### Your task
Once the line with "FILE_SCHEMA (( 'CONFIG_CONTROL_DESIGN' ));" is found in the entries below, repeat it and each following line exactly, up to and including the line with "Bounding box: 141.88". Add no other lines.

*** Begin section ***

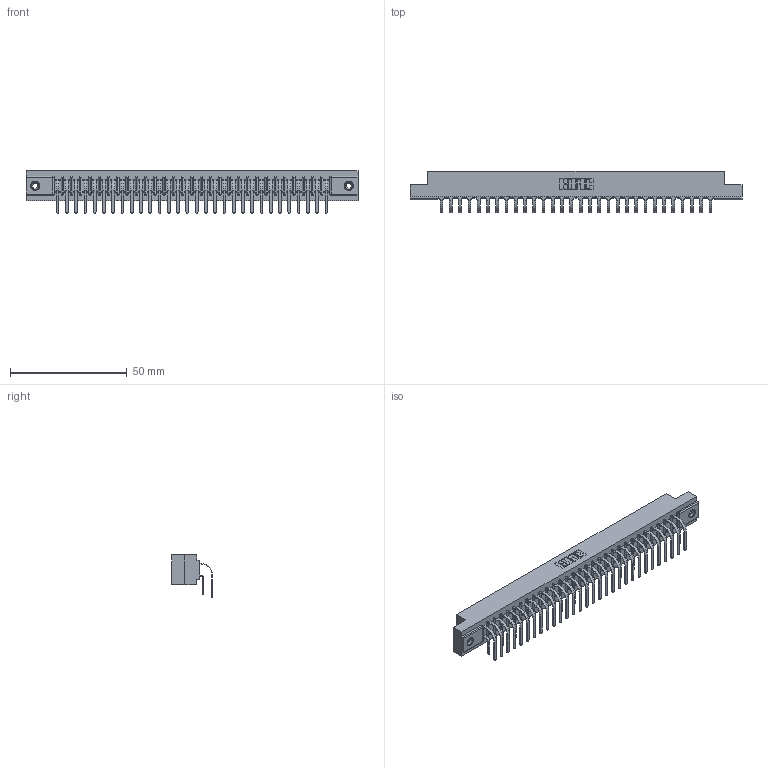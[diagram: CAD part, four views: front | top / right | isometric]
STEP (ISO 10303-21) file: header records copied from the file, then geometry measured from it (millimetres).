
FILE_DESCRIPTION (( 'STEP AP203' ), '1' );
FILE_NAME ('307-060-459-208.STEP', '2022-07-07T18:03:12', ( '' ), ( '' ), 'SwSTEP 2.0', 'SolidWorks 2020', '' );
FILE_SCHEMA (( 'CONFIG_CONTROL_DESIGN' ));
Length unit declared in the file: inch
Products named in the file (5): 307-060-459-208; 307 Part_.156 Dia Mounting Holes; 307-290-001_559 - 2 (Single); 345-250-001_345-250-003-102; 307-290-001_558 559 - 1 (Single)
Assembly tree (63 placements, depth 2):
  307-060-459-208
    307 Part_.156 Dia Mounting Holes
    307-290-001_558 559 - 1 (Single)  x30
    307-290-001_559 - 2 (Single)  x30
    345-250-001_345-250-003-102  x2
Bounding box: 141.88 x 17.51 x 18.07 mm (x, y, z)
Volume: 15221.9 mm3; surface area: 19688.9 mm2
Topology: 63 solids, 63 shells, 3209 faces, 8979 edges, 5814 vertices
Faces by surface type: plane 2082, cylinder 1049, sphere 62, cone 12, torus 4
Entity records: 30790 total; most frequent: CARTESIAN_POINT 5027, ORIENTED_EDGE 4974, DIRECTION 4937, EDGE_CURVE 2487, VECTOR 1901, LINE 1901, VERTEX_POINT 1608, AXIS2_PLACEMENT_3D 1518

*** End section ***

### Output
FILE_SCHEMA (( 'CONFIG_CONTROL_DESIGN' ));
Length unit declared in the file: inch
Products named in the file (5): 307-060-459-208; 307 Part_.156 Dia Mounting Holes; 307-290-001_559 - 2 (Single); 345-250-001_345-250-003-102; 307-290-001_558 559 - 1 (Single)
Assembly tree (63 placements, depth 2):
  307-060-459-208
    307 Part_.156 Dia Mounting Holes
    307-290-001_558 559 - 1 (Single)  x30
    307-290-001_559 - 2 (Single)  x30
    345-250-001_345-250-003-102  x2
Bounding box: 141.88 x 17.51 x 18.07 mm (x, y, z)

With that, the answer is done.